__EXERCISE DETAILS__
Only the lines that include "angle" should be copied from the data below.
[[ RECORDS SHOWN open ]]
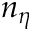
n _ { \eta }
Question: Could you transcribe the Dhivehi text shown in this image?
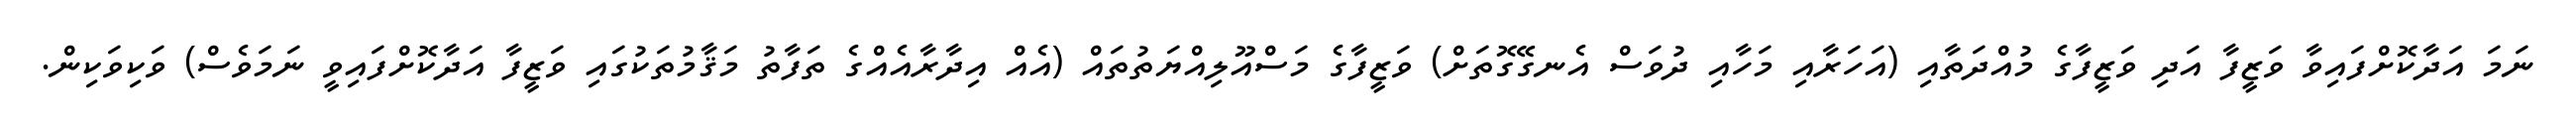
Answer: ނަމަ އަދާކޮށްފައިވާ ވަޒީފާ އަދި ވަޒީފާގެ މުއްދަތާއި (އަހަރާއި މަހާއި ދުވަސް އެނގޭގޮތަށް) ވަޒީފާގެ މަސްއޫލިއްޔަތުތައް (އެއް އިދާރާއެއްގެ ތަފާތު މަޤާމުތަކުގައި ވަޒީފާ އަދާކޮށްފައިވީ ނަމަވެސް) ވަކިވަކިން.
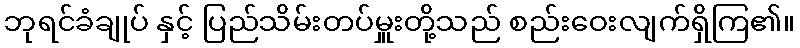
ဘုရင်ခံချုပ် နှင့် ပြည်သိမ်းတပ်မှူးတို့သည် စည်းဝေးလျက်ရှိကြ၏။
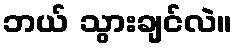
ဘယ် သွားချင်လဲ။
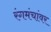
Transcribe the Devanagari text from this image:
रंगमंचांवर
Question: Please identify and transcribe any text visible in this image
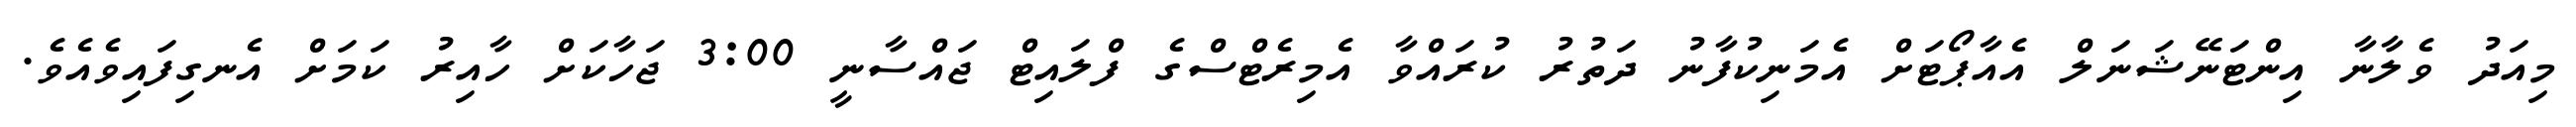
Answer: މިއަދު ވެލާނާ އިންޓަނޭޝަނަލް އެއާޕޯޓަށް އެމަނިކުފާނު ދަތުރު ކުރައްވާ އެމިރެޓްސްގެ ފްލައިޓް ޖައްސާނީ 3:00 ޖަހާކަށް ހާއިރު ކަމަށް އެނގިފައިވެއެވެ.
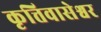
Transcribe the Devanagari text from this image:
कृत्तिवासेश्वर
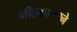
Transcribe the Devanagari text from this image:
मीठभाकरने
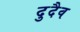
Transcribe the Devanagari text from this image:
दुदैव
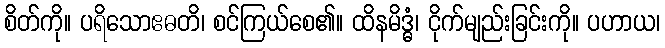
စိတ်ကို။ ပရိသောဧဓတိ၊ စင်ကြယ်စေ၏။ ထိနမိဒ္ဓံ၊ ငိုက်မျည်းခြင်းကို။ ပဟာယ၊
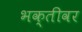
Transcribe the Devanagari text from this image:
भक्तीवर
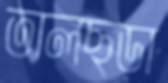
তালছড়া
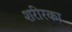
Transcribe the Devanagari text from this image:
शरीरका
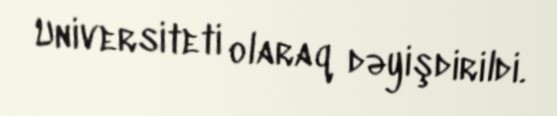
Universiteti olaraq dəyişdirildi.
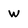
Character: W
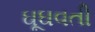
ઘૂઘવતી
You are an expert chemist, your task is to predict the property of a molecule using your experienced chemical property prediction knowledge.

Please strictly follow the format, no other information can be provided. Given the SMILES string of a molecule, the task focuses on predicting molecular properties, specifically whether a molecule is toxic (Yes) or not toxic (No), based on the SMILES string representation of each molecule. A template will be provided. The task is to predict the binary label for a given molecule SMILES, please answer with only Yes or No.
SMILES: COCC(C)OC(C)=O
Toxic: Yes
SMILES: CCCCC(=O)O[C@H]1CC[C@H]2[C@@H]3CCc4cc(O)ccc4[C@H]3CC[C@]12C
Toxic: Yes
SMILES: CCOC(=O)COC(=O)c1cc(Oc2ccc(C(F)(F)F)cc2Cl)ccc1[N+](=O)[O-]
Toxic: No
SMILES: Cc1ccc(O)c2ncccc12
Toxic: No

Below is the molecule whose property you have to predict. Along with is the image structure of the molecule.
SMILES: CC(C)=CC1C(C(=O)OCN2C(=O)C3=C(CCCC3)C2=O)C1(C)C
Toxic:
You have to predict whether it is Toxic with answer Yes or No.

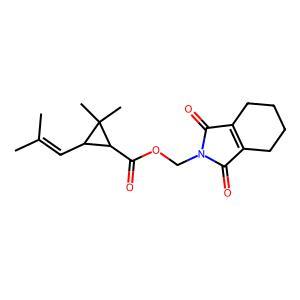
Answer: No
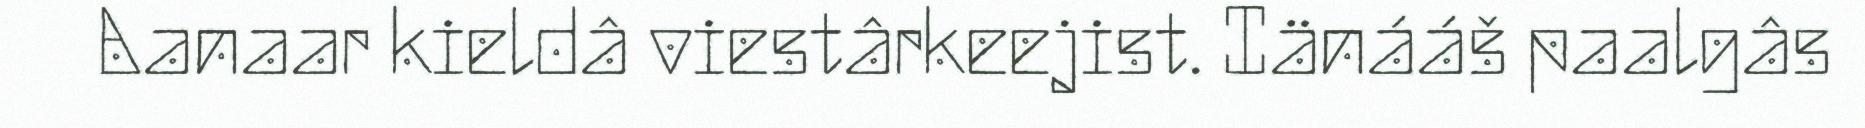
Aanaar kieldâ viestârkeejist. Iänááš paalgâs
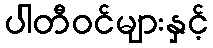
ပါတီဝင်များနှင့်
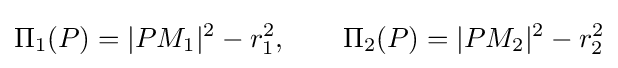
\Pi _{1}(P)=|PM_{1}|^{2}-r_{1}^{2},\qquad \Pi _{2}(P)=|PM_{2}|^{2}-r_{2}^{2}
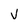
Character: V
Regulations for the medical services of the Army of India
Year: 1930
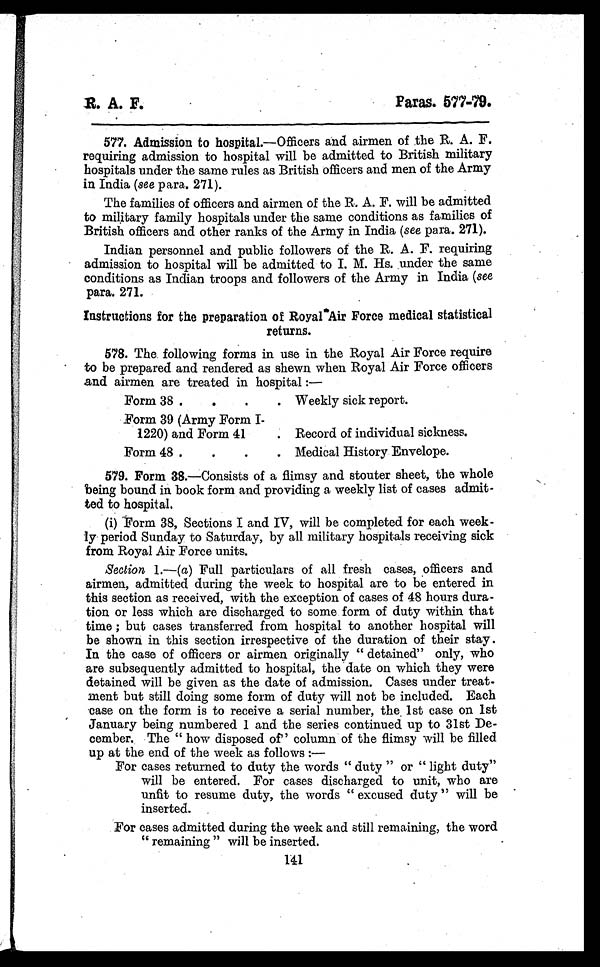
R. A. F.
Paras. 577-79.
577. Admission to hospital.—Officers and airmen of the R. A. F.
requiring admission to hospital will be admitted to British military
hospitals under the same rules as British officers and men of the Army
in India (see para. 271).
The families of officers and airmen of the R. A. F. will be admitted
to military family hospitals under the same conditions as families of
British officers and other ranks of the Army in India (see para. 271).
Indian personnel and public followers of the R. A. F. requiring
admission to hospital will be admitted to I. M. Hs. under the same
conditions as Indian troops and followers of the Army in India (see
para. 271.
Instructions for the preparation of Royal Air Force medical statistical
returns.
578. The following forms in use in the Royal Air Force require
to be prepared and rendered as shewn when Royal Air Force officers
and airmen are treated in hospital :—
Form 38 ..
.
.
Weekly sick report.
Form 39 (Army Form I-
1220) and Form 41
. Record of individual sickness.
Form 48 ..
.
.
Medical History Envelope.
579. Form 38.—Consists of a flimsy and stouter sheet, the whole
being bound in book form and providing a weekly list of cases admit-
ted to hospital.
(i) Form 38, Sections I and IV, will be completed for each week-
ly period Sunday to Saturday, by all military hospitals receiving sick
from Royal Air Force units.
Section 1.—(a) Full particulars of all fresh cases, officers and
airmen, admitted during the week to hospital are to be entered in
this section as received, with the exception of cases of 48 hours dura-
tion or less which are discharged to some form of duty within that
time ; but cases transferred from hospital to another hospital will
be shown in this section irrespective of the duration of their stay .
In the case of officers or airmen originally " detained" only, who
are subsequently admitted to hospital, the date on which they were
detained will be given as the date of admission. Cases under treat-
ment but still doing some form of duty will not be included. Each
case on the form is to receive a serial number, the 1st case on 1st
January being numbered 1 and the series continued up to 31st De-
cember. The " how disposed of" column of the flimsy will be filled
up at the end of the week as follows :
—
For cases returned to duty the words "duty" or "light duty"
will be entered. For cases discharged to unit, who are
unfit to resume duty, the words " excused duty " will be
inserted.
For cases admitted during the week and still remaining, the word
" remaining " will be inserted.
141
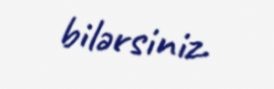
bilərsiniz.
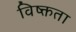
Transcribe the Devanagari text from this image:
विष्क्तता
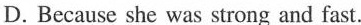
D.Because she was strong and fast.
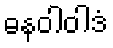
ဓနဝါဝါဒံ
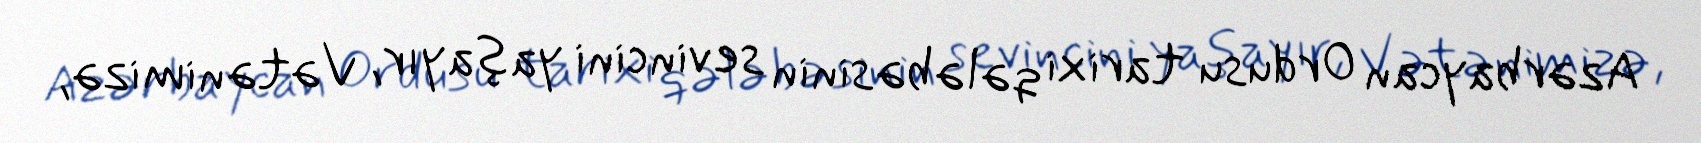
Azərbaycan Ordusu tarixi qələbəsinin sevincini yaşayır, Vətənimizə,
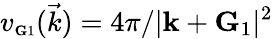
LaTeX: v_{\scriptscriptstyle\mathbf G1}(\vec{k})={4\pi}/{|\mathbf k+\mathbf G_{1}|^{2}}
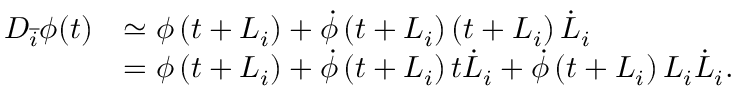
\begin{array} { r l } { { D } _ { \overline { { i } } } \phi ( t ) } & { \simeq \phi \left( { t } + { L } _ { { i } } \right) + \dot { \phi } \left( t + L _ { i } \right) \left( t + L _ { i } \right) \dot { L } _ { i } } \\ & { = \phi \left( { t } + { L } _ { { i } } \right) + \dot { \phi } \left( t + L _ { i } \right) t \dot { L } _ { i } + \dot { \phi } \left( t + L _ { i } \right) L _ { i } \dot { L } _ { i } . } \end{array}
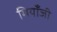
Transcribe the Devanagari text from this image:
मियाँजी
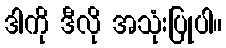
ဒါကို ဒီလို အသုံးပြုပါ။
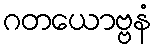
ဂတယောဗ္ဗနံ
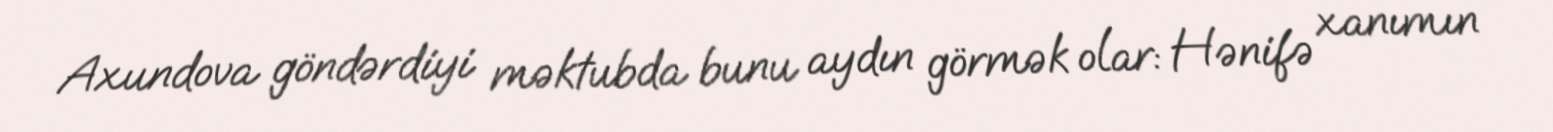
Axundova göndərdiyi məktubda bunu aydın görmək olar: Hənifə xanımın
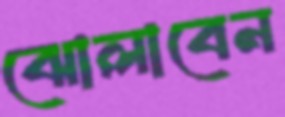
ঝোলাবেন
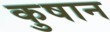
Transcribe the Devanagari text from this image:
कुषान
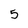
Character: 5
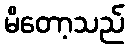
မိတော့သည်
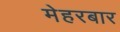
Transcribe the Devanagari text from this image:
मेहरबार
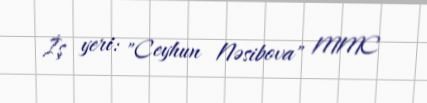
İş yeri: "Ceyhun Nəsibova" MMC
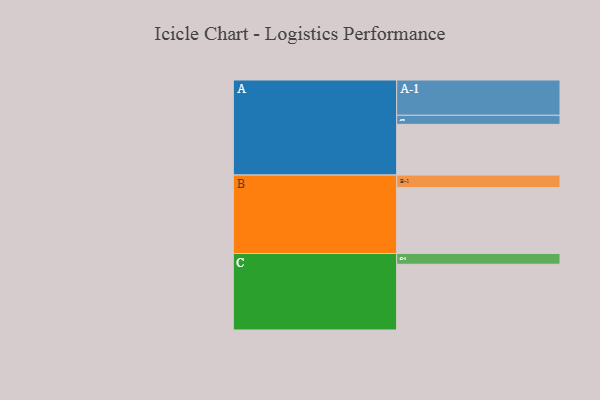
{"axis": {"x": "Segment", "y": "Value"}, "legend": ["", "A", "B", "C"], "data": [{"x": "A", "y": 391, "type": ""}, {"x": "B", "y": 508, "type": ""}, {"x": "C", "y": 507, "type": ""}, {"x": "A-1", "y": 272, "type": "A"}, {"x": "A-2", "y": 70, "type": "A"}, {"x": "B-1", "y": 97, "type": "B"}, {"x": "C-1", "y": 83, "type": "C"}]}
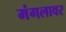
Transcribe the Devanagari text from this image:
मंगलावर
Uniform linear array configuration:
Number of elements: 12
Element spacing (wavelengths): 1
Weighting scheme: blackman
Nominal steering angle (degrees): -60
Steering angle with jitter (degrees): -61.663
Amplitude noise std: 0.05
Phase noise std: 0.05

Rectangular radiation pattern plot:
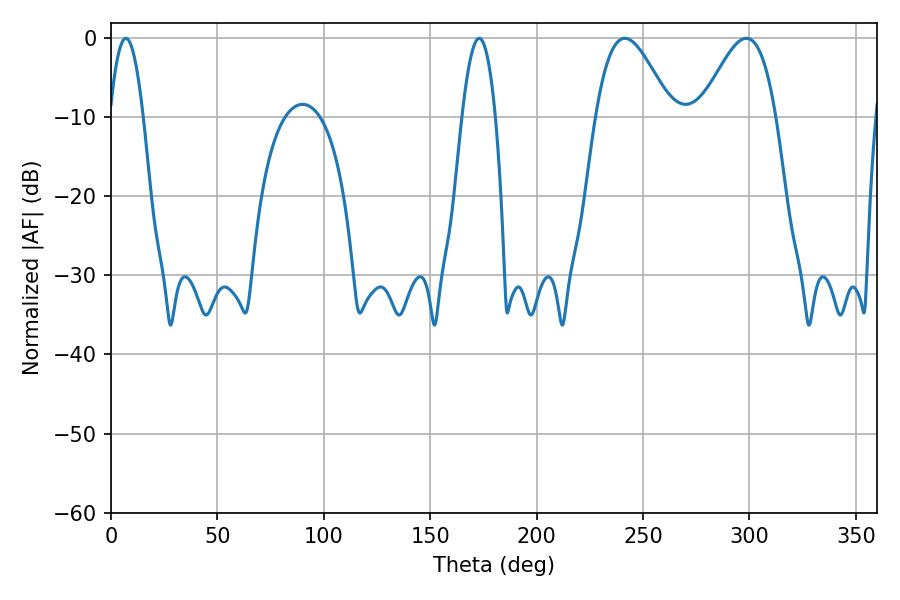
[[ RECORDS SHOWN closed ]]
__ANSWER BOX__
Nominal steering angle (degrees): -60
Steering angle with jitter (degrees): -61.663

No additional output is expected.